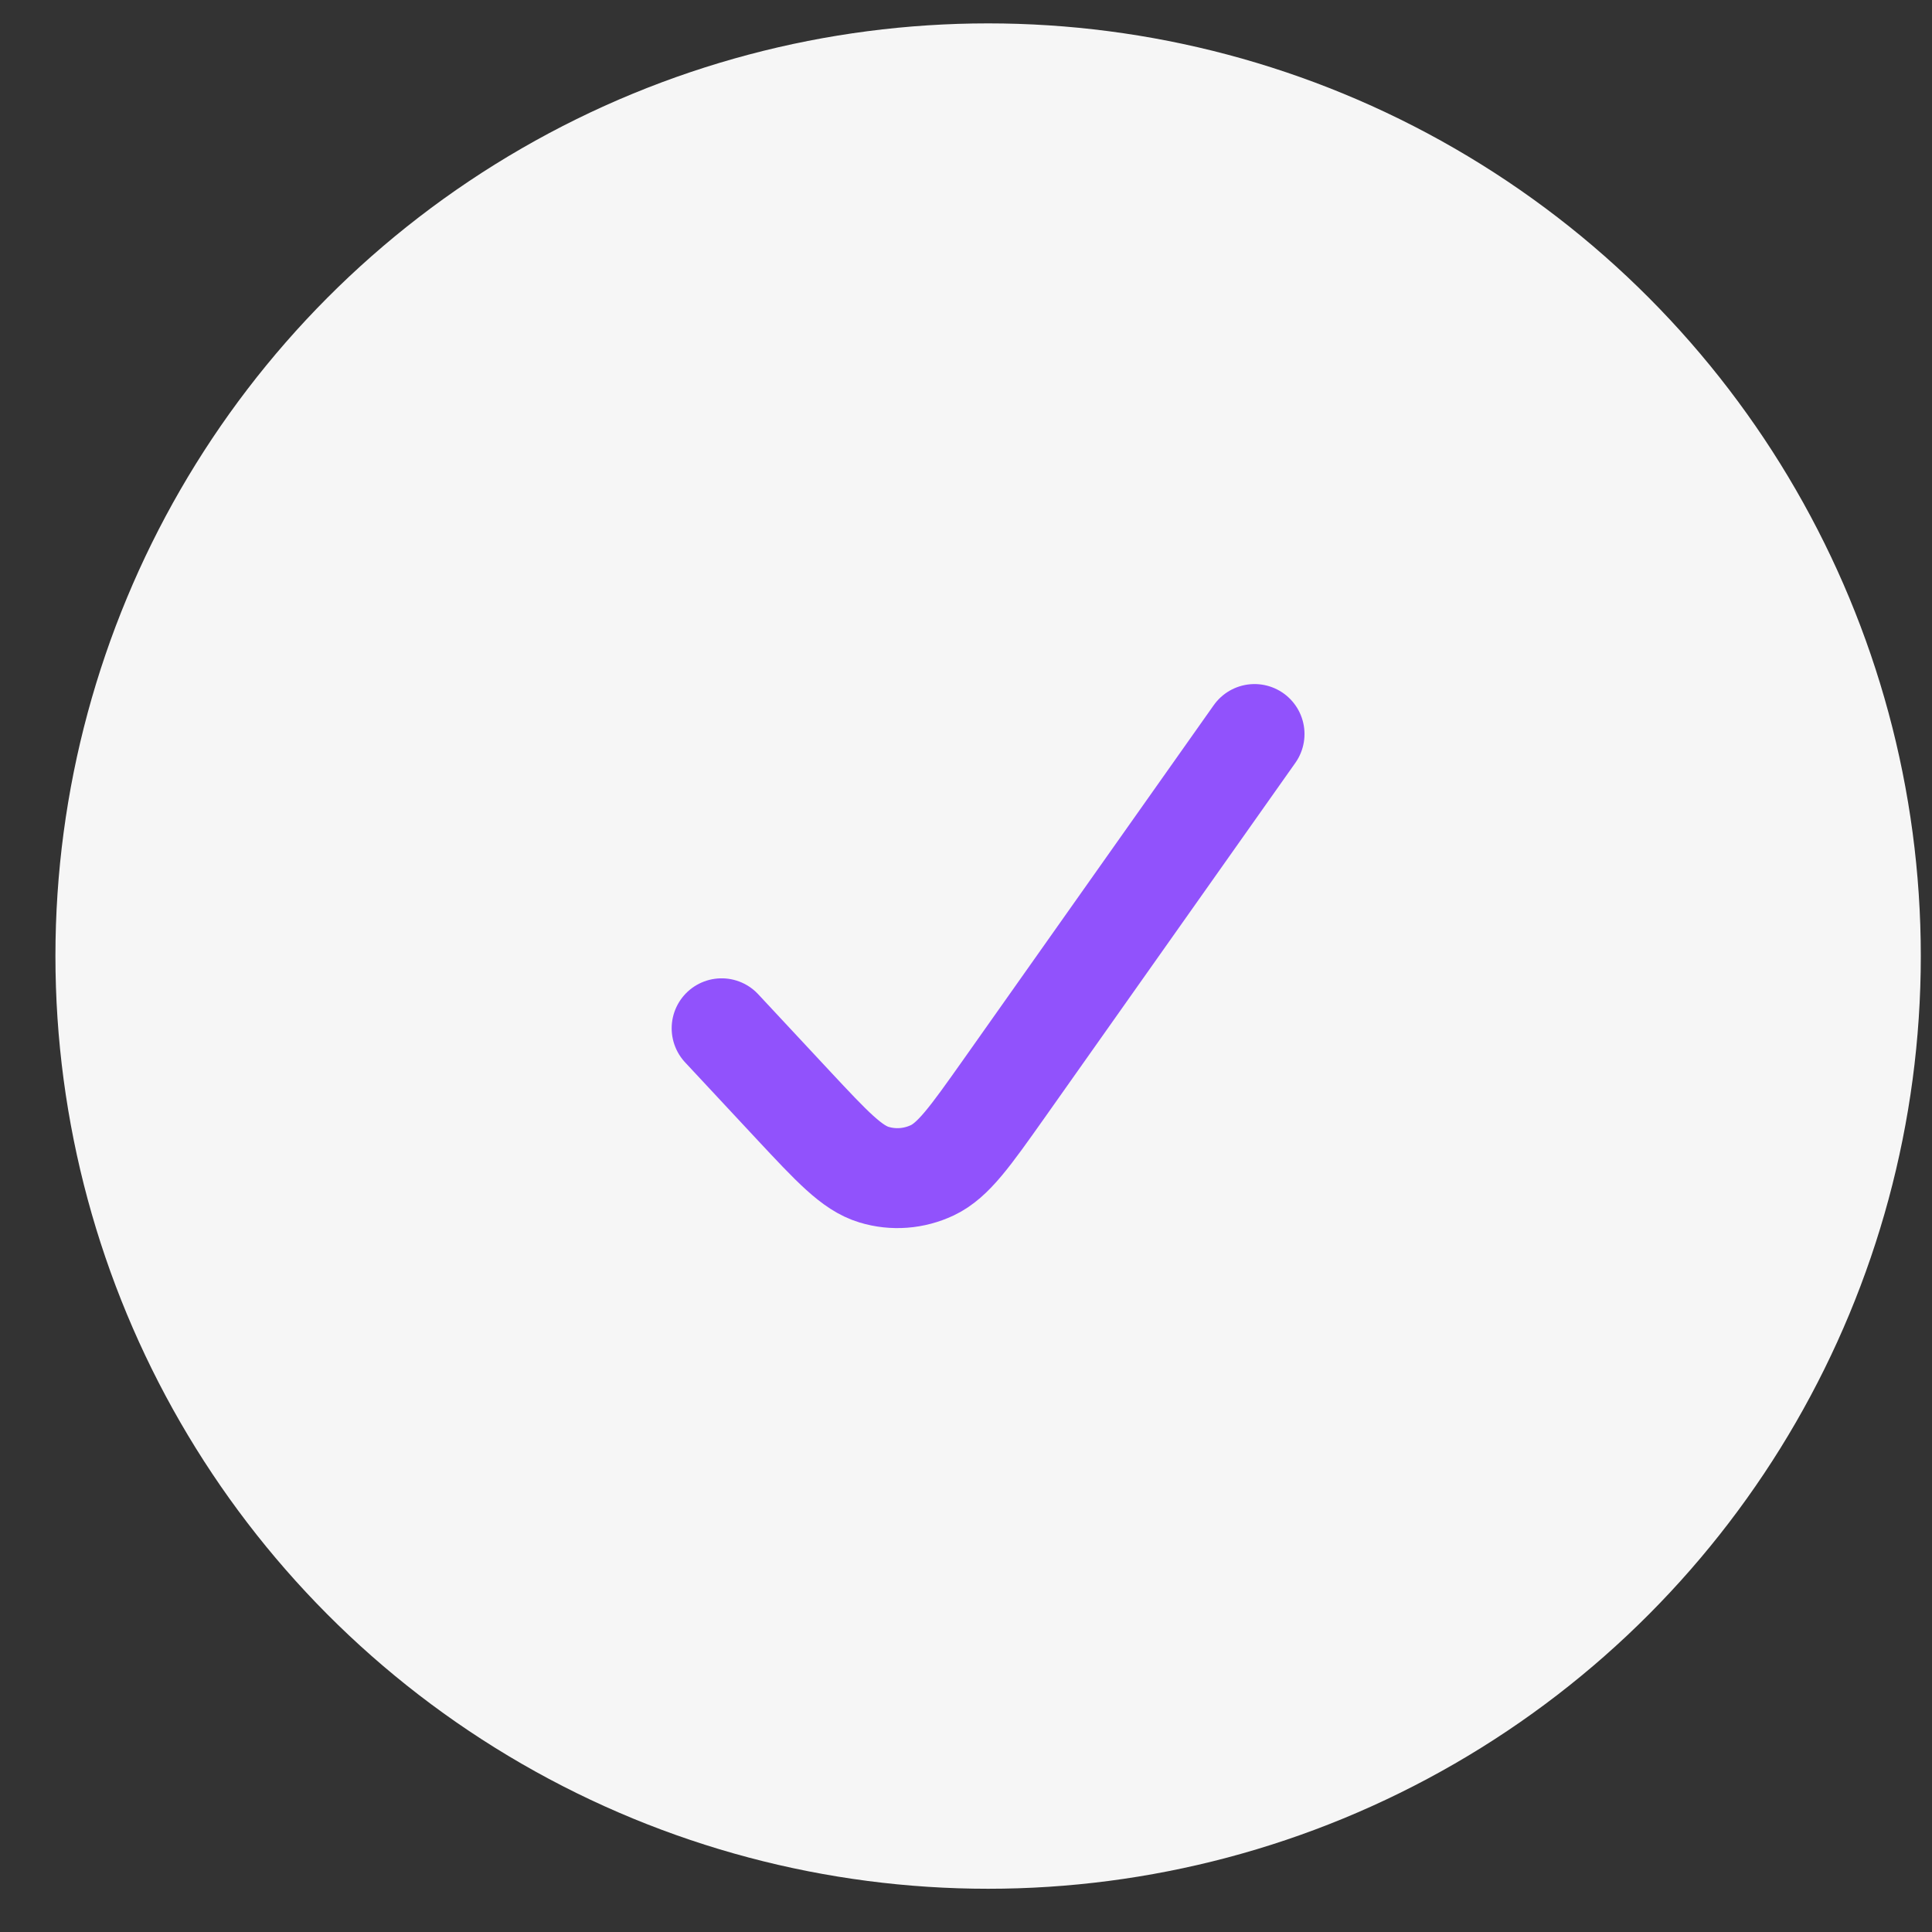 <svg width="29" height="29" viewBox="0 0 29 29" fill="none" xmlns="http://www.w3.org/2000/svg">
<rect x="0" y="0" width="29" height="29" fill="#333333" stroke="none"/>
<circle cx="14.832" cy="14.351" r="14" fill="#F6F6F6"/>
<path d="M10.832 15.435L11.902 16.583C12.493 17.216 12.788 17.532 13.119 17.632C13.409 17.72 13.719 17.696 13.995 17.566C14.311 17.416 14.563 17.058 15.07 16.342L18.831 11.018" stroke="#9152FC" stroke-width="1.5" stroke-linecap="round" stroke-linejoin="round"/>
</svg>

◆ ◆ ◆

= WHAT IS BEING ASKED =
Drop the images and quote the entries word for word.

= TASK RESPONSE =
 <svg width="29" height="29" viewBox="0 0 29 29" fill="none" xmlns="http://www.w3.org/2000/svg">
<rect x="0" y="0" width="29" height="29" fill="#333333" stroke="none"/>
<circle cx="14.832" cy="14.351" r="14" fill="#F6F6F6"/>
<path d="M10.832 15.435L11.902 16.583C12.493 17.216 12.788 17.532 13.119 17.632C13.409 17.72 13.719 17.696 13.995 17.566C14.311 17.416 14.563 17.058 15.07 16.342L18.831 11.018" stroke="#9152FC" stroke-width="1.5" stroke-linecap="round" stroke-linejoin="round"/>
</svg>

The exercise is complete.